Something was terribly, terribly wrong if he was being tender. Sure, he'd sometimes stroke her gently, but she figured that was what happened in the heat of the moment, and he never took the time just to touch her, and certainly not her face. She tilted her head, her hair falling in her eyes, and said, "What?"

He said, "I don't know," and leaned forward and kissed her, softly this time, slowly, heat pouring into her mouth and traveling leisurely down to her toes, giving her time to acclimate to it, to slip her arms around him and bring him closer. He kissed her again, a little more insistently, and each kiss made her more and more like putty in his arms until she had to break away.

It gave him an opening, and the next thing she knew they were both shirtless and stumbling, kissing haphazardly; her mouth found his ear, the crown of his head as he dropped his head to her breasts, planting kisses on her bare skin, hard and taut in the brisk air. She operated on pure sensation, exhaustion shoving any other considerations to the side, but she didn't know where to touch or kiss or caress, didn't know how to soothe his increasingly frantic kisses. Her back hit a tree and she felt the bark scraping her flesh; she tangled her fingers in his hair and tugged his face back up to hers, kissing him, pulling at his lips as her palms held him in place, and he kissed her back with a softness at odds with his harsh breath, with the way his fingers dug into her thighs as he pulled her up, pushing her into the tree. Everything—from the cold night air to their utter exposure under the moonlight—felt new, somehow, from the way the muscles in his back shifted under her hands, to the near-violent desperation with which he drove himself, to—

"Laura?" he whispered in her ear, and she nearly lost it; the sound of her name in his deep, ragged drawl was so utterly strange and yet utterly welcome that she could barely manage an "uh-huh?" to answer him.

He paused, and pulled away from her; the look in his eyes made her desperate to kiss him, to hold him, to do something to reassure him, but he closed his eyes and rested his forehead on her shoulder and simply said, "Laura," again, and then she was unaware of anything she couldn't touch (stubble against her neck) or taste (sweat off his shoulder) or hear (was that her voice, screaming?) or see (darkness, all around) or feel (oh gods oh gods oh gods).

They slipped down to a tangled mass of arms and legs on the ground, he sprawled half-atop her, both breathing heavily. Her fingers curled into the ground as he shifted once more, and the dirt beneath her fingertips was cool, and soft, and she took a deep breath and relished feeling alive.She relished the feeling of being underneath him, of feeling his chest heave and his heartbeat gradually slow; her fingers danced over his skin, sliding into his slick hair and drawing him more comfortably atop her. She was fully satisfied, and fully terrified.

"Bishop?" she whispered as he pillowed his head on her shoulder.

"Mm?" he said, burying his nose against her chest and inhaling.
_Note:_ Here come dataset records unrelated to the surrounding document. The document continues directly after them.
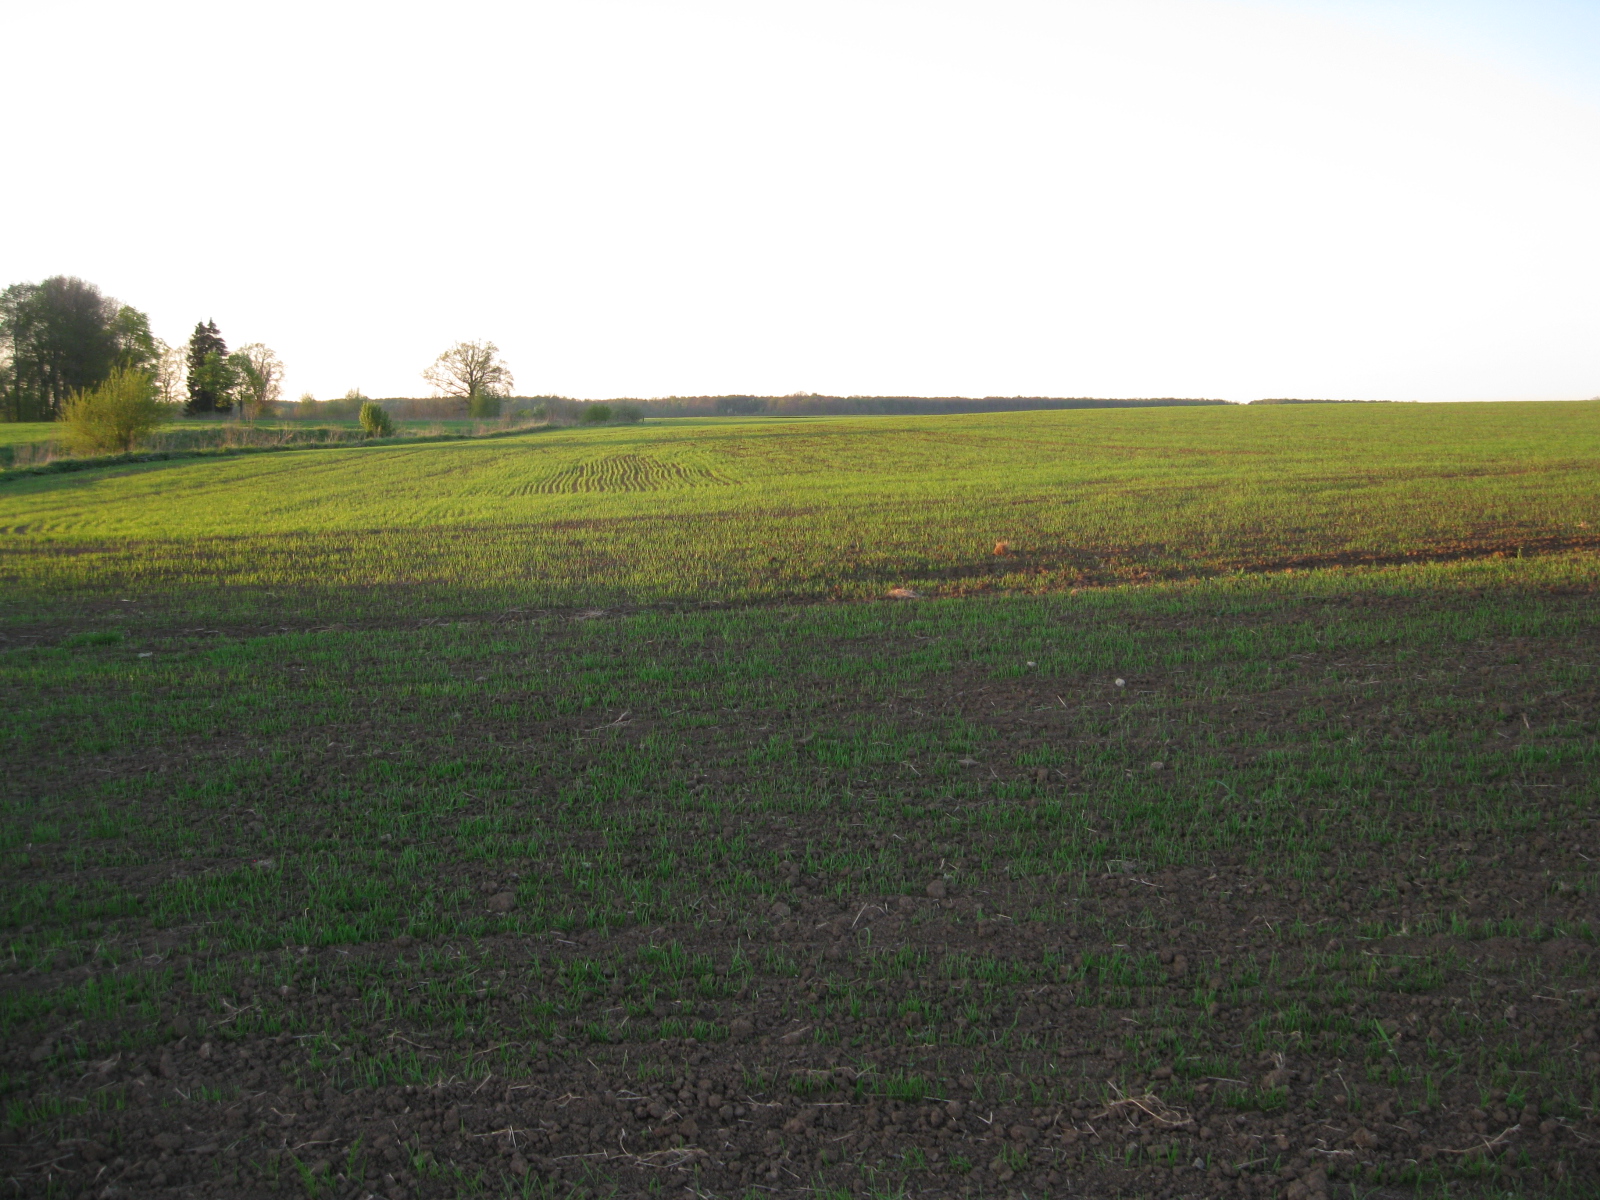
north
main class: Cropland
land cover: Common wheat
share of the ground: < 10 %
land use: Agriculture (excluding fallow land and kitchen gardens)
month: May
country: LT
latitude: 56.1168
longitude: 24.4263

She paused, still running her fingers through his hair, and finally said, "You said my name."

"Laura?"

Even in her doubled exhaustion, somewhere inside her she somehow managed to conjure up a shiver, a spark that combusted in her gut. "Yes."

He was quiet, one armed draped across her waist, his fingers absentmindedly tracing the curve of her hip. Her eyes fluttered closed and she instinctively pulled him closer; his other arm groped around and finally found a cloak to draw over them.

"'s a nice name," he said, so quietly she wasn't sure she heard him, and then he said, "Go to sleep, Laura."

Her name—in his voice—but she couldn't keep herself awake any longer to contemplate it, and slipped into a bone-weary sleep.